In practice this has not been an issue because iscsit_do_tx_data()
is only used for transferring 48 byte headers + 4 byte digests,
along with seldom used control payloads from NOPIN + TEXT_RSP +
REJECT with less than 32k of data. Nor has it been occuring with
iscsit_do_rx_data() because MSG_WAITALL won't return to caller
until the requested transfer length is reached, or an error has
occured.
So following Al's audit of iovec consumers, go ahead and fail
the connection on short writes/reads for now, and remove the
bogus logic.
Reported-by: Al Viro <[email protected]>
Cc: David S. Miller <[email protected]>
Signed-off-by: Nicholas Bellinger <[email protected]>
---
drivers/target/iscsi/iscsi_target_util.c | 48 +++++++++++++-------------------
1 file changed, 20 insertions(+), 28 deletions(-)
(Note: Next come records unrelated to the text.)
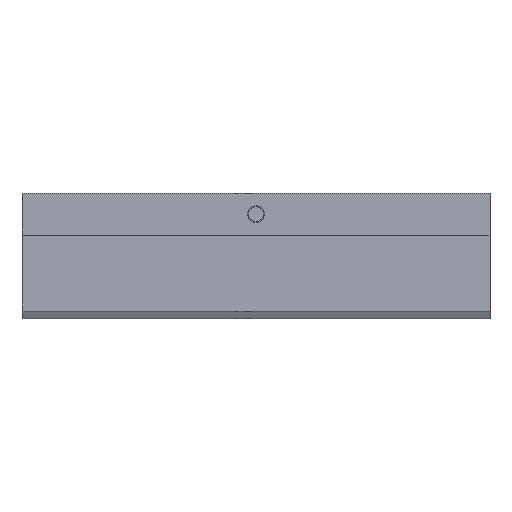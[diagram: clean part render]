
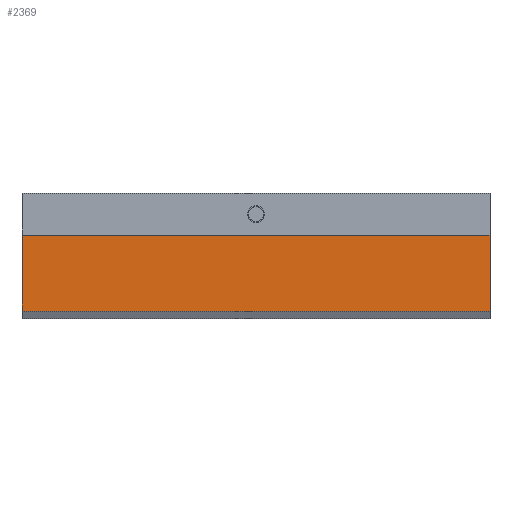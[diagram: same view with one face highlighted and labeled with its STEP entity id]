
A CAD part, front view. The second image highlights one B-rep face of the part: STEP entity #2369.
In plain terms, the highlighted planar face has unit normal (0, -1, 0).
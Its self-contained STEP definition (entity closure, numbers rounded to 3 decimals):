
#13=DIRECTION('',(0.,0.,-1.));
#14=VECTOR('',#13,18.183);
#15=CARTESIAN_POINT('',(-56.,128.,-5.));
#16=LINE('',#15,#14);
#293=DIRECTION('',(-1.,0.,0.));
#294=VECTOR('',#293,10.691);
#295=CARTESIAN_POINT('',(-45.309,128.,-5.));
#296=LINE('',#295,#294);
#301=DIRECTION('',(-1.,0.,0.));
#302=VECTOR('',#301,10.691);
#303=CARTESIAN_POINT('',(56.,128.,-5.));
#304=LINE('',#303,#302);
#543=DIRECTION('',(0.,0.,-1.));
#544=VECTOR('',#543,18.183);
#545=CARTESIAN_POINT('',(56.,128.,-5.));
#546=LINE('',#545,#544);
#757=DIRECTION('',(-1.,0.,0.));
#758=VECTOR('',#757,90.617);
#759=CARTESIAN_POINT('',(45.309,128.,-5.));
#760=LINE('',#759,#758);
#761=DIRECTION('',(1.,0.,0.));
#762=VECTOR('',#761,112.);
#763=CARTESIAN_POINT('',(-56.,128.,-23.183));
#764=LINE('',#763,#762);
#1262=CARTESIAN_POINT('',(-56.,128.,-5.));
#1263=VERTEX_POINT('',#1262);
#1274=CARTESIAN_POINT('',(56.,128.,-5.));
#1275=VERTEX_POINT('',#1274);
#1504=CARTESIAN_POINT('',(-56.,128.,-23.183));
#1505=VERTEX_POINT('',#1504);
#1506=CARTESIAN_POINT('',(56.,128.,-23.183));
#1507=VERTEX_POINT('',#1506);
#1508=CARTESIAN_POINT('',(45.309,128.,-5.));
#1510=VERTEX_POINT('',#1508);
#1514=CARTESIAN_POINT('',(-45.309,128.,-5.));
#1515=VERTEX_POINT('',#1514);
#2355=CARTESIAN_POINT('',(-56.,128.,-5.));
#2356=DIRECTION('',(0.,-1.,0.));
#2357=DIRECTION('',(0.,0.,-1.));
#2358=AXIS2_PLACEMENT_3D('',#2355,#2356,#2357);
#2359=PLANE('',#2358);
#2360=ORIENTED_EDGE('',*,*,#1785,.F.);
#2361=ORIENTED_EDGE('',*,*,#2150,.T.);
#2363=ORIENTED_EDGE('',*,*,#2362,.F.);
#2364=ORIENTED_EDGE('',*,*,#1588,.F.);
#2365=ORIENTED_EDGE('',*,*,#1778,.F.);
#2366=ORIENTED_EDGE('',*,*,#2348,.F.);
#2367=EDGE_LOOP('',(#2360,#2361,#2363,#2364,#2365,#2366));
#2368=FACE_OUTER_BOUND('',#2367,.F.);
#2369=ADVANCED_FACE('',(#2368),#2359,.T.);
#1588=EDGE_CURVE('',#1263,#1505,#16,.T.);
#1778=EDGE_CURVE('',#1515,#1263,#296,.T.);
#1785=EDGE_CURVE('',#1275,#1510,#304,.T.);
#2150=EDGE_CURVE('',#1275,#1507,#546,.T.);
#2348=EDGE_CURVE('',#1510,#1515,#760,.T.);
#2362=EDGE_CURVE('',#1505,#1507,#764,.T.);
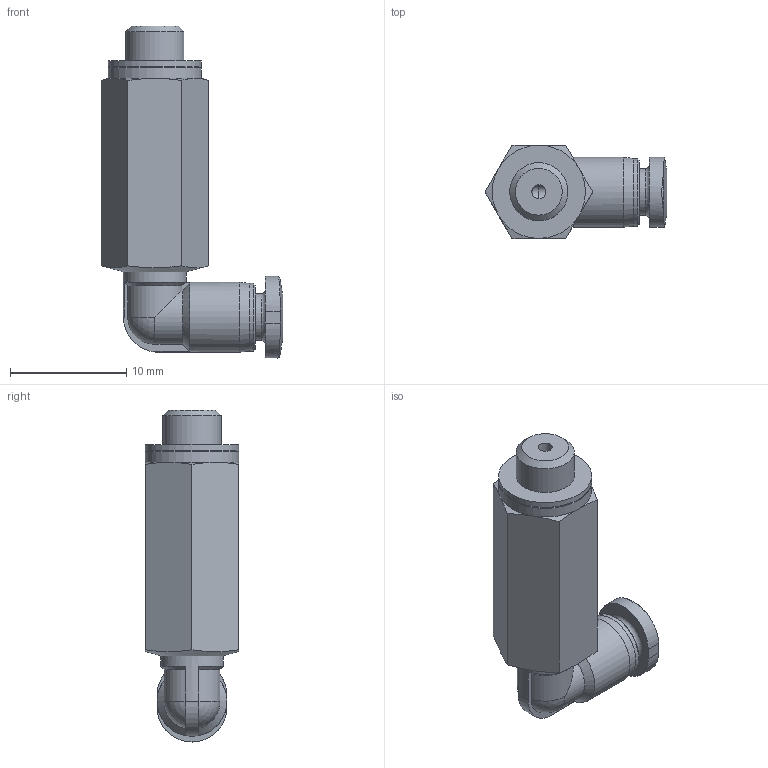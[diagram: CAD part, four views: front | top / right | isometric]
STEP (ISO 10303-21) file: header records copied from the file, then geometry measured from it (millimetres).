
FILE_DESCRIPTION(/* description */ ('STEP AP214'),/* implementation_level */ '2;1');
FILE_NAME(/* name */ '133012_QSMLL-M5-3-100',/* time_stamp */ '2024-09-14T12:42:06+02:00',/* author */ ('License CC BY-ND 4.0'),/* organization */ ('CADENAS'),/* preprocessor_version */ 'ST-DEVELOPER v19.3',/* originating_system */ 'PARTsolutions',/* authorisation */ ' ');
FILE_SCHEMA (('FEATURE_BASED_PROCESS_PLANNING','PROCESS_PLANNING_SCHEMA','AUTOMOTIVE_DESIGN {1 0 10303 214 3 1 1}'));
Length unit declared in the file: millimetre
Products named in the file (1): 133012 QSMLL-M5-3-100
Bounding box: 15.62 x 8 x 28.5 mm (x, y, z)
Volume: 1297.9 mm3; surface area: 1130.6 mm2
Topology: 1 solids, 1 shells, 63 faces, 156 edges, 98 vertices
Faces by surface type: plane 21, cylinder 17, cone 16, sphere 5, torus 4
Full cylindrical faces by diameter (mm): 1.2 x2, 3 x1, 4 x1, 5 x1, 5.4 x1, 5.8 x1, 6 x1, 8 x2
Entity records: 2241 total; most frequent: CARTESIAN_POINT 412, DIRECTION 281, ORIENTED_EDGE 264, EDGE_CURVE 132, AXIS2_PLACEMENT_3D 124, VERTEX_POINT 93, EDGE_LOOP 87, FACE_BOUND 87

diff --git a/drivers/target/iscsi/iscsi_target_util.c b/drivers/target/iscsi/iscsi_target_util.c
index ce87ce9..9aa24f1 100644
--- a/drivers/target/iscsi/iscsi_target_util.c
+++ b/drivers/target/iscsi/iscsi_target_util.c
@@ -1326,7 +1326,7 @@ static int iscsit_do_rx_data(
struct iscsi_conn *conn,
struct iscsi_data_count *count)
{
- int data = count->data_length, rx_loop = 0, total_rx = 0, iov_len;
+ int ret, iov_len;
struct kvec *iov_p;
struct msghdr msg;
@@ -1338,35 +1338,31 @@ static int iscsit_do_rx_data(
iov_p = count->iov;
iov_len = count->iov_count;
- while (total_rx < data) {
- rx_loop = kernel_recvmsg(conn->sock, &msg, iov_p, iov_len,
- (data - total_rx), MSG_WAITALL);
- if (rx_loop <= 0) {
- pr_debug("rx_loop: %d total_rx: %d\n",
- rx_loop, total_rx);
- return rx_loop;
- }
- total_rx += rx_loop;
- pr_debug("rx_loop: %d, total_rx: %d, data: %d\n",
- rx_loop, total_rx, data);
+ ret = kernel_recvmsg(conn->sock, &msg, iov_p, iov_len,
+ count->data_length, MSG_WAITALL);
+ if (ret != count->data_length) {
+ pr_err("Unexpected ret: %d recv data: %d\n",
+ ret, count->data_length);
+ return -EPIPE;
}
+ pr_debug("ret: %d, recv data: %d\n", ret, count->data_length);
- return total_rx;
+ return ret;
}
static int iscsit_do_tx_data(
struct iscsi_conn *conn,
struct iscsi_data_count *count)
{
- int data = count->data_length, total_tx = 0, tx_loop = 0, iov_len;
+ int ret, iov_len;
struct kvec *iov_p;
struct msghdr msg;
if (!conn || !conn->sock || !conn->conn_ops)
return -1;
- if (data <= 0) {
- pr_err("Data length is: %d\n", data);
+ if (count->data_length <= 0) {
+ pr_err("Data length is: %d\n", count->data_length);
return -1;
}
@@ -1375,20 +1371,16 @@ static int iscsit_do_tx_data(
iov_p = count->iov;
iov_len = count->iov_count;
- while (total_tx < data) {
- tx_loop = kernel_sendmsg(conn->sock, &msg, iov_p, iov_len,
- (data - total_tx));
- if (tx_loop <= 0) {
- pr_debug("tx_loop: %d total_tx %d\n",
- tx_loop, total_tx);
- return tx_loop;
- }
- total_tx += tx_loop;
- pr_debug("tx_loop: %d, total_tx: %d, data: %d\n",
- tx_loop, total_tx, data);
+ ret = kernel_sendmsg(conn->sock, &msg, iov_p, iov_len,
+ count->data_length);
+ if (ret != count->data_length) {
+ pr_err("Unexpected ret: %d send data %d\n",
+ ret, count->data_length);
+ return -EPIPE;
}
+ pr_debug("ret: %d, sent data: %d\n", ret, count->data_length);
- return total_tx;
+ return ret;
}
int rx_data(
--
1.9.1
On Tue, Dec 16, 2014 at 04:48:58AM +0000, Nicholas A. Bellinger wrote:
> In practice this has not been an issue because iscsit_do_tx_data()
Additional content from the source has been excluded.